The 1980s brought a new reform movement in education, accompanied by a new emphasis on testing. The effort to improve education at all levels included the use of standardized tests to provide accountability for what students are learning. Minimum competency tests, achievement tests, and screening instruments were used to ensure that students from preschool through college reached the desired educational goals and achieved the minimum standards of education that were established locally or by the state education agency. As we continue in a new century, these concerns have increased.
Trends in a New Century
In the 1990s many schools improved the learning environment and achievement for all children; nevertheless, a large percentage of schools were still low performing in 2000 and 2001. Inadequate funding, teacher shortages, teachers with inadequate training, aging schools, and poor leadership affected quality education (Wortham, 2002). During the 2000 presidential campaign, candidate George W. Bush named quality education as one of the goals of his presidency. After his election, President Bush worked for legislation that would improve education for all children. After months of dialogue and debate, Congress passed a new education actin December 2001. The No Child Left Behind Act (NCLB), signed into law onJanuary 8, 2002, had an impact on testing required by individual states. In addition to other provisions, all states were required to administer tests developed by the state and to set and monitor adequate yearly progress (Moscosco, 2001; Wortham, 2002). Former President Bush was also committed to strengthening early childhood programs. In 2002, several projects were conducted to support early childhood programs. Under the Sunshine Schools program, the U.S. Department of Education focused on what is working in early childhood education and gave attention to highly effective state, district, city, county, and campus programs (Grissom, personal communication, April 4, 2002). Another Bush initiative, Good Start, Grow Smart, was intended to strengthen Head Start and improve the quality of experiences for children. The initiative provided the following:
- Training for nearly 50,000 Head Start teachers in the best techniques
- Assurance that preschool programs are more closely coordinated with K–12 educational programs
- A research effort to identify effective early literacy programs and practices (Grissom, personal communication, April 4, 2002).
In July 2001, the White House hosted the White House Summit on Early Childhood Cognitive Development. The Early Childhood–Head Start Task Force formed following the summit published a new guide, Teaching Our Youngest (Grissom, personal communication, April 4, 2002). The early childhood education projects initiated by the Bush administration to improve education stressed the importance of improving early childhood programs; nevertheless, there is no doubt that mandates for increased standards-based testing will continue in the future in spite of concerns of their relevancy, especially for young children. Fortunately, child-outcome standards have also been developed by professional organizations in addition to state education agencies. The National Council for the Social Studies issued Curriculum Standards for the Social Studies (National Council for the Social Studies, 1994). Improved Head Start Performance Standards published in 1996 included children from birth to age 5 (Early Head Start, 2000).
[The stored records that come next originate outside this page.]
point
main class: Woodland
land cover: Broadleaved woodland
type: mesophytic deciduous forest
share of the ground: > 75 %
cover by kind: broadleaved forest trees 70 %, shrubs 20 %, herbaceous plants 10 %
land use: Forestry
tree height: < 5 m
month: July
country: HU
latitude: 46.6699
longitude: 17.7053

These standards and others provide guidelines for early childhood educators as they strive to improve programs and experiences for young children. By 2005 standards that included early childhood were available in many states. Some were in response to NCLB, but others were part of the emerging efforts to establish state and national standards for development and learning (Seefeldt, (2005).
The No Child Left Behind Act of 2001
NCLB requires states to do the following:
- Provide public school choice and supplemental services for students in failing schools as early as fall 2002.
- Integrate scientifically based reading research into comprehensive instruction for young children.
- Set and monitor adequate yearly progress, based on baseline 2001–2002 data.
- Issue annual report cards on school performance and statewide test results by 2002–2003.
- Implement annual, standards-based assessments in reading and math for grades 3 to 8 by 2005–2006.
- Assure that all classes are taught by a qualified teacher by 2005–2006.